** RECORD SET **
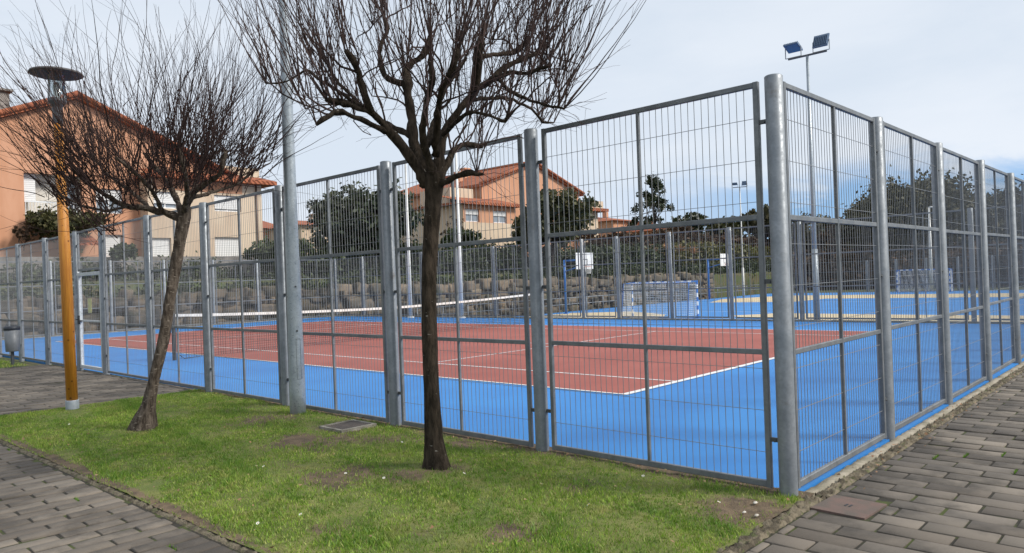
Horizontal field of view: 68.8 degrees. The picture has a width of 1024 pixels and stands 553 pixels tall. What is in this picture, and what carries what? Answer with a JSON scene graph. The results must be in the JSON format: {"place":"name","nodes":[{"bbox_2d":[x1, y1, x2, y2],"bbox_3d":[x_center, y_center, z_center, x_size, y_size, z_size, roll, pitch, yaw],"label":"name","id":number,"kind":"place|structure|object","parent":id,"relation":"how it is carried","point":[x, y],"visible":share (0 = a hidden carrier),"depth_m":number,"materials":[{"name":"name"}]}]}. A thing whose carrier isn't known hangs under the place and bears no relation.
{"place":"outdoors","nodes":[
{"label":"outdoors","id":0,"kind":"place"},
{"bbox_2d":[0,364,192,414],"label":"plaza pavement","id":1,"kind":"structure","parent":0,"point":[97,388],"depth_m":12.75,"materials":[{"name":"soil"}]},
{"bbox_2d":[0,443,240,552],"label":"path","id":2,"kind":"structure","parent":0,"point":[72,530],"depth_m":5.28,"materials":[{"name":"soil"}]},
{"bbox_2d":[0,389,814,552],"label":"lawn","id":3,"kind":"structure","parent":0,"point":[733,506],"depth_m":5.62,"materials":[{"name":"plant"}]},
{"bbox_2d":[28,66,83,409],"bbox_3d":[-6.259,-0.465,10.402,0.674,4.850,0.674,-2,0,43],"label":"lamp post","id":4,"kind":"object","parent":3,"relation":"on","point":[70,366],"visible":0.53,"depth_m":10.35,"materials":[{"name":"orange wood"}]},
{"bbox_2d":[0,0,346,431],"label":"bare tree","id":5,"kind":"object","parent":3,"relation":"on","point":[144,417],"visible":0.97,"depth_m":8.32,"materials":[{"name":"brown plant"}]},
{"bbox_2d":[279,0,305,414],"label":"mast","id":6,"kind":"object","parent":3,"relation":"on","point":[296,359],"visible":0.86,"depth_m":9.30,"materials":[{"name":"grey metal"}]},
{"bbox_2d":[319,419,376,432],"bbox_3d":[-1.823,1.678,8.310,0.440,0.065,0.460,-2,0,43],"label":"drain grate","id":7,"kind":"object","parent":3,"relation":"on","point":[347,425],"visible":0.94,"depth_m":8.28,"materials":[{"name":"concrete"}]},
{"bbox_2d":[218,0,645,470],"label":"bare tree","id":8,"kind":"object","parent":3,"relation":"on","point":[430,173],"visible":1,"depth_m":6.16,"materials":[{"name":"brown plant"}]},
{"bbox_2d":[0,259,1023,518],"bbox_3d":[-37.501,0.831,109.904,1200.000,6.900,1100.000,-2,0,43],"label":"ground","id":9,"kind":"structure","parent":0,"point":[722,293],"depth_m":69.88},
{"bbox_2d":[3,326,19,367],"bbox_3d":[-11.731,1.649,17.561,0.336,0.980,0.336,-2,0,23],"label":"litter bin","id":10,"kind":"object","parent":9,"relation":"on","point":[12,338],"visible":0.99,"depth_m":17.45,"materials":[{"name":"grey metal"}]},
{"bbox_2d":[0,359,26,367],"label":"grass","id":11,"kind":"structure","parent":9,"relation":"on","point":[6,363],"depth_m":17.58,"materials":[{"name":"green plant"}]},
{"bbox_2d":[11,223,34,250],"bbox_3d":[-22.838,-1.525,34.995,0.871,2.060,0.828,-2,0,-9],"label":"tree","id":12,"kind":"object","parent":9,"relation":"on","point":[19,232],"visible":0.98,"depth_m":34.94,"materials":[{"name":"brown plant"}]},
{"bbox_2d":[24,204,110,242],"bbox_3d":[-21.422,-2.024,36.140,3.466,2.994,3.710,-2,0,43],"label":"tree","id":13,"kind":"object","parent":9,"relation":"on","point":[41,220],"visible":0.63,"depth_m":35.31,"materials":[{"name":"green plant"}]},
{"bbox_2d":[108,243,138,280],"bbox_3d":[-18.683,-0.582,36.011,1.415,2.238,1.325,-2,0,-20],"label":"tree","id":14,"kind":"object","parent":9,"relation":"on","point":[120,255],"visible":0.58,"depth_m":35.76,"materials":[{"name":"green plant"}]},
{"bbox_2d":[0,249,255,283],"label":"hedge","id":15,"kind":"object","parent":9,"relation":"on","point":[133,276],"visible":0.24,"depth_m":35.98,"materials":[{"name":"green plant"}]},
{"bbox_2d":[0,438,259,552],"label":"path kerb","id":16,"kind":"structure","parent":9,"relation":"on","point":[241,548],"depth_m":5.62,"materials":[{"name":"grey concrete"}]},
{"bbox_2d":[0,256,263,281],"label":"concrete wall","id":17,"kind":"structure","parent":9,"relation":"on","point":[251,269],"depth_m":37.64,"materials":[{"name":"grey concrete"}]},
{"bbox_2d":[0,88,276,256],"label":"house","id":18,"kind":"structure","parent":9,"relation":"on","point":[15,205],"depth_m":38.53,"materials":[{"name":"orange paint"}]},
{"bbox_2d":[96,189,121,213],"bbox_3d":[-20.813,-3.863,38.571,0.120,1.254,1.289,-2,0,43],"label":"window","id":19,"kind":"structure","parent":18,"relation":"in","point":[112,191],"depth_m":38.67,"materials":[{"name":"white glass"}]},
{"bbox_2d":[106,235,121,256],"bbox_3d":[-20.648,-1.579,38.673,0.050,1.156,0.864,-2,0,43],"label":"garage door","id":20,"kind":"structure","parent":18,"relation":"in","point":[111,242],"depth_m":38.61,"materials":[{"name":"white metal"}]},
{"bbox_2d":[152,238,169,256],"bbox_3d":[-18.544,-1.494,39.468,0.050,1.079,0.988,-2,0,43],"label":"garage door","id":21,"kind":"structure","parent":18,"relation":"in","point":[155,240],"depth_m":39.47,"materials":[{"name":"white metal"}]},
{"bbox_2d":[154,192,176,208],"bbox_3d":[-18.430,-4.042,39.679,0.120,0.883,1.265,-2,0,43],"label":"window","id":22,"kind":"structure","parent":18,"relation":"in","point":[169,203],"depth_m":39.73,"materials":[{"name":"white glass"}]},
{"bbox_2d":[214,195,236,211],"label":"window","id":23,"kind":"structure","parent":18,"relation":"in","point":[216,197],"depth_m":42.09,"materials":[{"name":"white paint"}]},
{"bbox_2d":[215,237,238,255],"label":"garage door","id":24,"kind":"structure","parent":18,"relation":"in","point":[232,239],"depth_m":42.12,"materials":[{"name":"white metal"}]},
{"bbox_2d":[2,315,336,339],"bbox_3d":[-15.081,2.350,32.772,0.200,0.240,17.240,-2,0,43],"label":"end upstand","id":25,"kind":"object","parent":9,"relation":"on","point":[159,328],"visible":0.11,"depth_m":31.87,"materials":[{"name":"concrete"}]},
{"bbox_2d":[0,259,334,337],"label":"fence","id":26,"kind":"object","parent":25,"relation":"on","point":[258,281],"visible":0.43,"depth_m":32.69,"materials":[{"name":"metal"}]},
{"bbox_2d":[1,282,403,338],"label":"stone wall","id":27,"kind":"structure","parent":9,"relation":"on","point":[182,307],"depth_m":34.25,"materials":[{"name":"grey stone"}]},
{"bbox_2d":[0,265,528,300],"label":"stone wall","id":28,"kind":"structure","parent":9,"relation":"on","point":[475,276],"depth_m":38.13,"materials":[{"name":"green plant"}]},
{"bbox_2d":[262,221,272,242],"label":"house","id":29,"kind":"structure","parent":9,"relation":"on","point":[265,225],"depth_m":79.84,"materials":[{"name":"orange paint"}]},
{"bbox_2d":[242,230,315,259],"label":"bush","id":30,"kind":"object","parent":9,"relation":"on","point":[255,251],"visible":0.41,"depth_m":40.43,"materials":[{"name":"green plant"}]},
{"bbox_2d":[267,214,327,253],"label":"house","id":31,"kind":"structure","parent":9,"relation":"on","point":[304,226],"depth_m":76.21,"materials":[{"name":"white paint"}]},
{"bbox_2d":[305,177,424,272],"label":"evergreen tree","id":32,"kind":"object","parent":9,"relation":"on","point":[366,211],"visible":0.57,"depth_m":44.11,"materials":[{"name":"green plant"}]},
{"bbox_2d":[252,228,527,278],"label":"hedge","id":33,"kind":"object","parent":9,"relation":"on","point":[479,265],"visible":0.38,"depth_m":47.67,"materials":[{"name":"green plant"}]},
{"bbox_2d":[0,73,797,496],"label":"fence","id":34,"kind":"object","parent":9,"relation":"on","point":[390,275],"visible":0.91,"depth_m":7.21,"materials":[{"name":"silver metal"}]},
{"bbox_2d":[75,271,102,371],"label":"metal gate","id":35,"kind":"structure","parent":34,"relation":"attached to","point":[80,320],"depth_m":15.56,"materials":[{"name":"silver metal"}]},
{"bbox_2d":[440,215,463,234],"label":"bush","id":36,"kind":"object","parent":9,"relation":"on","point":[442,233],"visible":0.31,"depth_m":54.96,"materials":[{"name":"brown plant"}]},
{"bbox_2d":[440,226,481,245],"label":"bush","id":37,"kind":"object","parent":9,"relation":"on","point":[448,239],"visible":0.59,"depth_m":51.31,"materials":[{"name":"green plant"}]},
{"bbox_2d":[399,162,608,252],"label":"house","id":38,"kind":"structure","parent":9,"relation":"on","point":[479,215],"depth_m":62.07,"materials":[{"name":"paint"}]},
{"bbox_2d":[465,209,477,221],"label":"window","id":39,"kind":"structure","parent":38,"relation":"in","point":[473,217],"depth_m":58.52,"materials":[{"name":"white glass"}]},
{"bbox_2d":[493,211,505,222],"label":"window","id":40,"kind":"structure","parent":38,"relation":"in","point":[501,214],"depth_m":60.89,"materials":[{"name":"white glass"}]},
{"bbox_2d":[510,184,601,267],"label":"evergreen tree","id":41,"kind":"object","parent":9,"relation":"on","point":[566,212],"visible":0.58,"depth_m":54.39,"materials":[{"name":"green plant"}]},
{"bbox_2d":[401,272,714,316],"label":"stone wall","id":42,"kind":"structure","parent":9,"relation":"on","point":[602,282],"depth_m":53.29,"materials":[{"name":"grey stone"}]},
{"bbox_2d":[417,284,758,316],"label":"railing","id":43,"kind":"object","parent":9,"relation":"on","point":[717,292],"visible":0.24,"depth_m":54.55,"materials":[{"name":"grey metal"}]},
{"bbox_2d":[519,241,665,271],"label":"hedge","id":44,"kind":"object","parent":9,"relation":"on","point":[592,248],"visible":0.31,"depth_m":62.31,"materials":[{"name":"green plant"}]},
{"bbox_2d":[598,212,638,236],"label":"house","id":45,"kind":"structure","parent":9,"relation":"on","point":[611,222],"depth_m":98.37,"materials":[{"name":"orange paint"}]},
{"bbox_2d":[516,255,770,279],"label":"hedge","id":46,"kind":"object","parent":9,"relation":"on","point":[636,270],"visible":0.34,"depth_m":65.31,"materials":[{"name":"green plant"}]},
{"bbox_2d":[674,244,685,261],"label":"dry plant","id":47,"kind":"object","parent":46,"relation":"on","point":[679,250],"visible":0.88,"depth_m":67.91,"materials":[{"name":"beige plant"}]},
{"bbox_2d":[688,245,701,263],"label":"dry plant","id":48,"kind":"object","parent":46,"relation":"on","point":[692,250],"visible":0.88,"depth_m":67.94,"materials":[{"name":"beige plant"}]},
{"bbox_2d":[626,222,666,234],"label":"house","id":49,"kind":"structure","parent":9,"relation":"on","point":[650,230],"depth_m":96.86,"materials":[{"name":"orange paint"}]},
{"bbox_2d":[625,174,674,246],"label":"evergreen tree","id":50,"kind":"object","parent":9,"relation":"on","point":[656,185],"visible":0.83,"depth_m":69.55,"materials":[{"name":"green plant"}]},
{"bbox_2d":[576,228,769,250],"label":"hedge","id":51,"kind":"object","parent":9,"relation":"on","point":[753,240],"visible":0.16,"depth_m":76.23,"materials":[{"name":"green plant"}]},
{"bbox_2d":[337,315,1023,323],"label":"terrace upstand","id":52,"kind":"object","parent":9,"relation":"on","point":[969,322],"visible":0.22,"depth_m":24.97,"materials":[{"name":"concrete"}]},
{"bbox_2d":[333,205,1023,321],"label":"fence","id":53,"kind":"object","parent":52,"relation":"on","point":[730,266],"visible":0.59,"depth_m":25.53,"materials":[{"name":"silver metal"}]},
{"bbox_2d":[663,226,700,243],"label":"broadleaf tree","id":54,"kind":"object","parent":9,"relation":"on","point":[682,228],"visible":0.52,"depth_m":78.97,"materials":[{"name":"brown plant"}]},
{"bbox_2d":[670,211,707,233],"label":"broadleaf tree","id":55,"kind":"object","parent":9,"relation":"on","point":[695,215],"visible":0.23,"depth_m":86.84,"materials":[{"name":"green plant"}]},
{"bbox_2d":[661,239,770,267],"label":"hedge","id":56,"kind":"object","parent":9,"relation":"on","point":[685,254],"visible":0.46,"depth_m":73.83,"materials":[{"name":"green plant"}]},
{"bbox_2d":[700,215,745,238],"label":"broadleaf tree","id":57,"kind":"object","parent":9,"relation":"on","point":[723,225],"visible":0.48,"depth_m":90.37,"materials":[{"name":"green plant"}]},
{"bbox_2d":[741,203,769,244],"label":"pine tree","id":58,"kind":"object","parent":9,"relation":"on","point":[753,230],"visible":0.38,"depth_m":94.94,"materials":[{"name":"green plant"}]},
{"bbox_2d":[717,492,826,552],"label":"lawn edge","id":59,"kind":"object","parent":9,"relation":"on","point":[757,535],"visible":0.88,"depth_m":4.64,"materials":[{"name":"grey concrete"}]},
{"bbox_2d":[791,211,834,240],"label":"pine tree","id":60,"kind":"object","parent":9,"relation":"on","point":[820,226],"visible":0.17,"depth_m":94.38,"materials":[{"name":"green plant"}]},
{"bbox_2d":[810,215,860,253],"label":"broadleaf tree","id":61,"kind":"object","parent":9,"relation":"on","point":[833,240],"visible":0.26,"depth_m":89.85,"materials":[{"name":"green plant"}]},
{"bbox_2d":[746,207,1021,287],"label":"hedge","id":62,"kind":"object","parent":9,"relation":"on","point":[809,236],"visible":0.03,"depth_m":86.22,"materials":[{"name":"green plant"}]},
{"bbox_2d":[766,254,1023,292],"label":"fence","id":63,"kind":"object","parent":9,"relation":"on","point":[868,281],"visible":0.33,"depth_m":68.27,"materials":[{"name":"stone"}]},
{"bbox_2d":[769,237,1023,289],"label":"hedge","id":64,"kind":"object","parent":9,"relation":"on","point":[867,256],"visible":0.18,"depth_m":80.32,"materials":[{"name":"green plant"}]},
{"bbox_2d":[805,361,1023,495],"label":"court kerb","id":65,"kind":"structure","parent":9,"relation":"on","point":[847,470],"depth_m":6.80,"materials":[{"name":"concrete"}]},
{"bbox_2d":[839,164,994,280],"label":"pine tree","id":66,"kind":"object","parent":9,"relation":"on","point":[863,208],"visible":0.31,"depth_m":81.66,"materials":[{"name":"green plant"}]},
{"bbox_2d":[928,206,933,289],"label":"street lamp","id":67,"kind":"object","parent":9,"relation":"on","point":[929,237],"visible":0.48,"depth_m":69.16,"materials":[{"name":"grey metal"}]},
{"bbox_2d":[991,174,1022,231],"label":"pine tree","id":68,"kind":"object","parent":9,"relation":"on","point":[1004,202],"visible":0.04,"depth_m":90.08,"materials":[{"name":"green plant"}]},
{"bbox_2d":[0,0,1023,238],"label":"sky","id":69,"kind":"structure","parent":0,"point":[948,72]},
{"bbox_2d":[2,316,1023,490],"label":"tennis court","id":70,"kind":"object","parent":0,"point":[563,397],"visible":0.2,"depth_m":9.66,"materials":[{"name":"blue plastic"}]},
{"bbox_2d":[171,294,530,359],"bbox_3d":[-3.510,1.259,22.063,0.101,1.090,12.888,-2,0,43],"label":"tennis net","id":71,"kind":"object","parent":70,"relation":"on","point":[274,328],"visible":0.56,"depth_m":20.67,"materials":[{"name":"black synthetic netting"},{"name":"white fabric tape"}]},
{"bbox_2d":[404,164,413,317],"bbox_3d":[-4.775,-1.706,34.355,0.331,7.200,0.340,-2,0,43],"label":"light pole","id":72,"kind":"object","parent":70,"relation":"on","point":[408,260],"visible":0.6,"depth_m":34.30,"materials":[{"name":"grey metal"}]},
{"bbox_2d":[455,153,465,317],"bbox_3d":[-2.293,-1.804,32.327,0.331,7.200,0.340,-2,0,43],"label":"light pole","id":73,"kind":"object","parent":70,"relation":"on","point":[460,261],"visible":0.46,"depth_m":32.27,"materials":[{"name":"grey metal"}]},
{"bbox_2d":[59,321,868,393],"bbox_3d":[-3.494,1.800,22.066,23.770,0.001,10.970,-2,0,43],"label":"court playing area","id":74,"kind":"object","parent":70,"relation":"on","point":[578,381],"visible":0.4,"depth_m":16.65,"materials":[{"name":"red plastic"}]},
{"bbox_2d":[56,321,838,394],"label":"court lines","id":75,"kind":"object","parent":74,"relation":"on","point":[639,390],"visible":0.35,"depth_m":12.73,"materials":[{"name":"white paint"}]},
{"bbox_2d":[783,81,1023,488],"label":"fence","id":76,"kind":"object","parent":70,"relation":"on","point":[879,224],"visible":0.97,"depth_m":7.41,"materials":[{"name":"silver metal"}]},
{"bbox_2d":[515,290,1023,319],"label":"sports court","id":77,"kind":"object","parent":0,"point":[746,307],"visible":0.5,"depth_m":47.87,"materials":[{"name":"blue plastic"}]},
{"bbox_2d":[563,253,592,313],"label":"basketball hoop","id":78,"kind":"object","parent":77,"relation":"on","point":[588,256],"visible":0.56,"depth_m":48.67,"materials":[{"name":"blue paint"}]},
{"bbox_2d":[622,280,698,317],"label":"goal","id":79,"kind":"object","parent":77,"relation":"on","point":[692,302],"visible":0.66,"depth_m":40.22,"materials":[{"name":"blue paint"}]},
{"bbox_2d":[707,254,728,299],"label":"basketball hoop","id":80,"kind":"object","parent":77,"relation":"on","point":[723,263],"visible":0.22,"depth_m":65.75,"materials":[{"name":"blue paint"}]},
{"bbox_2d":[732,181,745,295],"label":"floodlight mast","id":81,"kind":"object","parent":77,"relation":"on","point":[743,183],"visible":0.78,"depth_m":67.94,"materials":[{"name":"grey metal"}]},
{"bbox_2d":[553,291,978,320],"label":"sports court lines","id":82,"kind":"object","parent":77,"relation":"on","point":[768,294],"visible":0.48,"depth_m":49.62,"materials":[{"name":"white paint"}]},
{"bbox_2d":[530,293,1023,321],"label":"court sand zones","id":83,"kind":"object","parent":77,"relation":"on","point":[755,299],"visible":0.2,"depth_m":47.17,"materials":[{"name":"beige sand"}]},
{"bbox_2d":[783,33,829,319],"bbox_3d":[9.052,-2.890,22.568,1.336,8.664,0.431,-2,0,43],"label":"floodlight mast","id":84,"kind":"object","parent":77,"relation":"on","point":[822,40],"visible":0.88,"depth_m":22.52,"materials":[{"name":"grey metal"}]},
{"bbox_2d":[896,268,953,291],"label":"goal","id":85,"kind":"object","parent":77,"relation":"on","point":[898,281],"visible":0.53,"depth_m":65.11,"materials":[{"name":"blue paint"}]},
{"bbox_2d":[744,372,1023,552],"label":"pavement","id":86,"kind":"structure","parent":0,"point":[938,533],"depth_m":5.12,"materials":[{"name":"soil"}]},
{"bbox_2d":[7,448,1017,550],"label":"joint weeds","id":87,"kind":"object","parent":86,"relation":"on","point":[965,455],"visible":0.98,"depth_m":6.12,"materials":[{"name":"green plant"}]},
{"bbox_2d":[10,370,1021,549],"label":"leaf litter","id":88,"kind":"object","parent":86,"relation":"on","point":[788,499],"visible":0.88,"depth_m":6.57,"materials":[{"name":"brown plant"}]},
{"bbox_2d":[810,495,886,519],"bbox_3d":[2.240,1.541,4.974,0.380,0.036,0.350,-2,0,-44],"label":"manhole cover","id":89,"kind":"object","parent":86,"relation":"in","point":[861,509],"visible":0.93,"depth_m":4.95,"materials":[{"name":"grey concrete"}]},
{"bbox_2d":[815,366,1023,497],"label":"kerb debris","id":90,"kind":"object","parent":86,"relation":"on","point":[850,478],"visible":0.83,"depth_m":6.66,"materials":[{"name":"grey gravel"}]}
]}

** WORK TO BE COMPLETED **
Could you show every line of the listing that holds the string "glass"?

** EXERCISE ANSWER **
{"bbox_2d":[96,189,121,213],"bbox_3d":[-20.813,-3.863,38.571,0.120,1.254,1.289,-2,0,43],"label":"window","id":19,"kind":"structure","parent":18,"relation":"in","point":[112,191],"depth_m":38.67,"materials":[{"name":"white glass"}]},
{"bbox_2d":[154,192,176,208],"bbox_3d":[-18.430,-4.042,39.679,0.120,0.883,1.265,-2,0,43],"label":"window","id":22,"kind":"structure","parent":18,"relation":"in","point":[169,203],"depth_m":39.73,"materials":[{"name":"white glass"}]},
{"bbox_2d":[465,209,477,221],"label":"window","id":39,"kind":"structure","parent":38,"relation":"in","point":[473,217],"depth_m":58.52,"materials":[{"name":"white glass"}]},
{"bbox_2d":[493,211,505,222],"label":"window","id":40,"kind":"structure","parent":38,"relation":"in","point":[501,214],"depth_m":60.89,"materials":[{"name":"white glass"}]},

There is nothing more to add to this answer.